*** Input for this task ***

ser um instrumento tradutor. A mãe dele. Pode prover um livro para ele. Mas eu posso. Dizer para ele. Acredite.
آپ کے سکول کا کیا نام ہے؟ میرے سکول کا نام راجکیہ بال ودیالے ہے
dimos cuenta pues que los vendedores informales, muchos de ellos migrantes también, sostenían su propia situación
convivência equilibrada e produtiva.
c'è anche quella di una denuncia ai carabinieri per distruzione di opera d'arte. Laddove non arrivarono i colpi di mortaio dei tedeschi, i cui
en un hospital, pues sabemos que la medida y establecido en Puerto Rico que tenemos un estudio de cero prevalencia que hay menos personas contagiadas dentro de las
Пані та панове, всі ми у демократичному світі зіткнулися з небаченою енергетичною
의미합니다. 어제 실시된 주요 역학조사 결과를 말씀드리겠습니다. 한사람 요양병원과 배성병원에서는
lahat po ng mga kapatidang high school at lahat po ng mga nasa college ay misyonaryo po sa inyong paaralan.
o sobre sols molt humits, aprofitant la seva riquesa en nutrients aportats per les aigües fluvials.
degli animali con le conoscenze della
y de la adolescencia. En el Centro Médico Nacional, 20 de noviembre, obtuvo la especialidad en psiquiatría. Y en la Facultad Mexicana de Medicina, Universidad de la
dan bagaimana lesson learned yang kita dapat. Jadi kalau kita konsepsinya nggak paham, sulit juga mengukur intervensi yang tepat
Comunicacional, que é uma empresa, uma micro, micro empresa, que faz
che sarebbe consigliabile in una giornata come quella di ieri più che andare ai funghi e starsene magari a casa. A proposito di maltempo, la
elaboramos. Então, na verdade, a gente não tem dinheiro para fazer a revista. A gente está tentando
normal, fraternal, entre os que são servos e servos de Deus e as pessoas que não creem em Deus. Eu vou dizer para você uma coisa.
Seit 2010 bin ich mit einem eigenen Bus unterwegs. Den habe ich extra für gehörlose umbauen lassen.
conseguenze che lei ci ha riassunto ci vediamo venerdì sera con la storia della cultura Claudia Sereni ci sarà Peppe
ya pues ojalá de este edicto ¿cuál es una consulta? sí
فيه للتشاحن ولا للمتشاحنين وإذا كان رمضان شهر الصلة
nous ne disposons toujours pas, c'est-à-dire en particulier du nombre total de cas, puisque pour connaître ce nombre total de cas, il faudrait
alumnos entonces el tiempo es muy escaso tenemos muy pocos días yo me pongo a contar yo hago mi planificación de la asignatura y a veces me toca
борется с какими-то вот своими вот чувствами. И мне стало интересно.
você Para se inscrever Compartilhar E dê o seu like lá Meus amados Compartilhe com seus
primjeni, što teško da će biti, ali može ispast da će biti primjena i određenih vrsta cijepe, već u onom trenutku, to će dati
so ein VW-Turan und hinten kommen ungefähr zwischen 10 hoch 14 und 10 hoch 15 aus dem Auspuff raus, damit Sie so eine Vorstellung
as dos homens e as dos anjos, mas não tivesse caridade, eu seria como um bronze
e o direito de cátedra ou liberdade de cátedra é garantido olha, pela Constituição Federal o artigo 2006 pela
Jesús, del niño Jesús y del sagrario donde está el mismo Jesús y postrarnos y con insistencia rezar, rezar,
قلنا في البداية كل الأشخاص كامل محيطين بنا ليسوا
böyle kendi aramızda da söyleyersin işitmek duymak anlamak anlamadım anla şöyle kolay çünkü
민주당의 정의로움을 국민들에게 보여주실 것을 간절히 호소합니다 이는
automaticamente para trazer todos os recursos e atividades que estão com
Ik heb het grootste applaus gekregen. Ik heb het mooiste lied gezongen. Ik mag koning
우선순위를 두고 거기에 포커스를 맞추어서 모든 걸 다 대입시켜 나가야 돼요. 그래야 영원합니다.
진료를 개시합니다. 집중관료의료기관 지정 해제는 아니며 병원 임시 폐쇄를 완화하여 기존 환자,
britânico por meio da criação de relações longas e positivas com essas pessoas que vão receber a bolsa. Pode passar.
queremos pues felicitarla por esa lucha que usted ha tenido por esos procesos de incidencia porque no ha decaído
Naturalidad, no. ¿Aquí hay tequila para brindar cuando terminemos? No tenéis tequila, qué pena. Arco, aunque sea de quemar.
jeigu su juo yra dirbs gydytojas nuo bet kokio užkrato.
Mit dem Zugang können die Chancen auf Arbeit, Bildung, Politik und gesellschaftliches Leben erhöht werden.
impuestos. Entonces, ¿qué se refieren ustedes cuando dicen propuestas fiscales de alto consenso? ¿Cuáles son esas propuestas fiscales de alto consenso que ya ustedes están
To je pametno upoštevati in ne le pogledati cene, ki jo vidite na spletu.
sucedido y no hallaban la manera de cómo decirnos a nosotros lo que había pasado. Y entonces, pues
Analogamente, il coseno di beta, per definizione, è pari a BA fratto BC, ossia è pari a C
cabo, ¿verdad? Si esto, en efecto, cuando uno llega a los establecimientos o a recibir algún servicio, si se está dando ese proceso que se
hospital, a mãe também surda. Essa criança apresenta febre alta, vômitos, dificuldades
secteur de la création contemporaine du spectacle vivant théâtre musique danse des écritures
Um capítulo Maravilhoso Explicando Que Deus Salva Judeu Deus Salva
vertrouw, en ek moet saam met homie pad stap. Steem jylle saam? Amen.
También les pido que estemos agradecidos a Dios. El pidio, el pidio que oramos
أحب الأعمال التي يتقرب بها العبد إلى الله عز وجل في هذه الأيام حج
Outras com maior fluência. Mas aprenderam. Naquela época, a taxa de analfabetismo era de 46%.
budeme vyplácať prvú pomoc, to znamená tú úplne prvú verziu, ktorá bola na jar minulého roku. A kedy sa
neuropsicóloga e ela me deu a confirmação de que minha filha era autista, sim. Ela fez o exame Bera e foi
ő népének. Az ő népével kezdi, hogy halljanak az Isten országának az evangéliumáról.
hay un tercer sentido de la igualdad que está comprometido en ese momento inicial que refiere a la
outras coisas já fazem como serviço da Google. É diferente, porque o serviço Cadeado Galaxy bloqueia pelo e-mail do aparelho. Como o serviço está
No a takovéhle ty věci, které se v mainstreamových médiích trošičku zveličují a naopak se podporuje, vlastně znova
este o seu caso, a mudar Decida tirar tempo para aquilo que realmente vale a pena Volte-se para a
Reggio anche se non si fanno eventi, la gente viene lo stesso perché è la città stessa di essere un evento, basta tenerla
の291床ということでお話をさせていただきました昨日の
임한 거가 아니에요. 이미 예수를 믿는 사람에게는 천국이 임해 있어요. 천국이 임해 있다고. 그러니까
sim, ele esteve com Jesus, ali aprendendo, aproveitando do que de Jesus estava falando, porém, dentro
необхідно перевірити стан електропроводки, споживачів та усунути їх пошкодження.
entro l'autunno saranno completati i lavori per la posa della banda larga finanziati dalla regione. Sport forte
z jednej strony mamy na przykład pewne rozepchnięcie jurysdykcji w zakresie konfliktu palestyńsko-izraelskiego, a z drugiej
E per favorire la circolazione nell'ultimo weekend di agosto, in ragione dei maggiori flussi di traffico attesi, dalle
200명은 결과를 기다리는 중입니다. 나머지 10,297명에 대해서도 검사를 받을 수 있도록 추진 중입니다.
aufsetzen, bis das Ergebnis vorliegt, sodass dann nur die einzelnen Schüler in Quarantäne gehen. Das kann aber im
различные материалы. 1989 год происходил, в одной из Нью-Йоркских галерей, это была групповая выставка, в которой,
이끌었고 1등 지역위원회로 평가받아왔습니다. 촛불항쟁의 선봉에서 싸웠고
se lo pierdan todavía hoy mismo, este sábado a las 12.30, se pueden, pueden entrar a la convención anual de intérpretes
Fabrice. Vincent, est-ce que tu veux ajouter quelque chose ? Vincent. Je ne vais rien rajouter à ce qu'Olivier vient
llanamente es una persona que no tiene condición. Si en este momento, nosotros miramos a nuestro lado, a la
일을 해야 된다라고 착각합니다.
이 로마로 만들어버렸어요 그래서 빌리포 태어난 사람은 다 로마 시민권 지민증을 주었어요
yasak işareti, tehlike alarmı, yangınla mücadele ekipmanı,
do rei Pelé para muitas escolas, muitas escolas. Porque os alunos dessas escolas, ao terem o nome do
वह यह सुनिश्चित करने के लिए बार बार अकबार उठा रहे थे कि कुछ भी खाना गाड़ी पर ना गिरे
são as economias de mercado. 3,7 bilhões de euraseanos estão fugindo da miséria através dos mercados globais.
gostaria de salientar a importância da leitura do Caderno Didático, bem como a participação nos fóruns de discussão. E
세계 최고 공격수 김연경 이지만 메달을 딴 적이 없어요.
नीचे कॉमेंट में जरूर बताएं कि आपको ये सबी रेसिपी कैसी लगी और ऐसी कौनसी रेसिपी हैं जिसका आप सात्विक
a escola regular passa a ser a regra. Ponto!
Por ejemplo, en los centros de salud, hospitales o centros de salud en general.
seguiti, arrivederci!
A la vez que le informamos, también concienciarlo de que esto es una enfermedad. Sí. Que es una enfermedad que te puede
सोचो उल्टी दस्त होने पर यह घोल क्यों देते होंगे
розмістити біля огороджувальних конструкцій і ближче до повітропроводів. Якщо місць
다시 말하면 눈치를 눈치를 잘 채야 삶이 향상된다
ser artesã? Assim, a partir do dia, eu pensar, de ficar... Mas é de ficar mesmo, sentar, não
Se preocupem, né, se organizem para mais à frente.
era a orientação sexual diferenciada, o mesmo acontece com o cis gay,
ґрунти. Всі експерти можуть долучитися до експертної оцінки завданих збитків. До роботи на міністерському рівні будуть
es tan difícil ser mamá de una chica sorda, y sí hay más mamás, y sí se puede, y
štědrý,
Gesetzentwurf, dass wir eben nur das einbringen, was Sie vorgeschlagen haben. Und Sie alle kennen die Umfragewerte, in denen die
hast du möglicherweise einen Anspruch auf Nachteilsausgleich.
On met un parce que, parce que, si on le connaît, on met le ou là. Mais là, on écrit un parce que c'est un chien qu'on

***

Work to complete
Everything from the line with "dan bagaimana lesson" through the line with "conseguenze che lei" in the listing above must be retyped exactly, with nothing added.

Output of the task
dan bagaimana lesson learned yang kita dapat. Jadi kalau kita konsepsinya nggak paham, sulit juga mengukur intervensi yang tepat
Comunicacional, que é uma empresa, uma micro, micro empresa, que faz
che sarebbe consigliabile in una giornata come quella di ieri più che andare ai funghi e starsene magari a casa. A proposito di maltempo, la
elaboramos. Então, na verdade, a gente não tem dinheiro para fazer a revista. A gente está tentando
normal, fraternal, entre os que são servos e servos de Deus e as pessoas que não creem em Deus. Eu vou dizer para você uma coisa.
Seit 2010 bin ich mit einem eigenen Bus unterwegs. Den habe ich extra für gehörlose umbauen lassen.
conseguenze che lei ci ha riassunto ci vediamo venerdì sera con la storia della cultura Claudia Sereni ci sarà Peppe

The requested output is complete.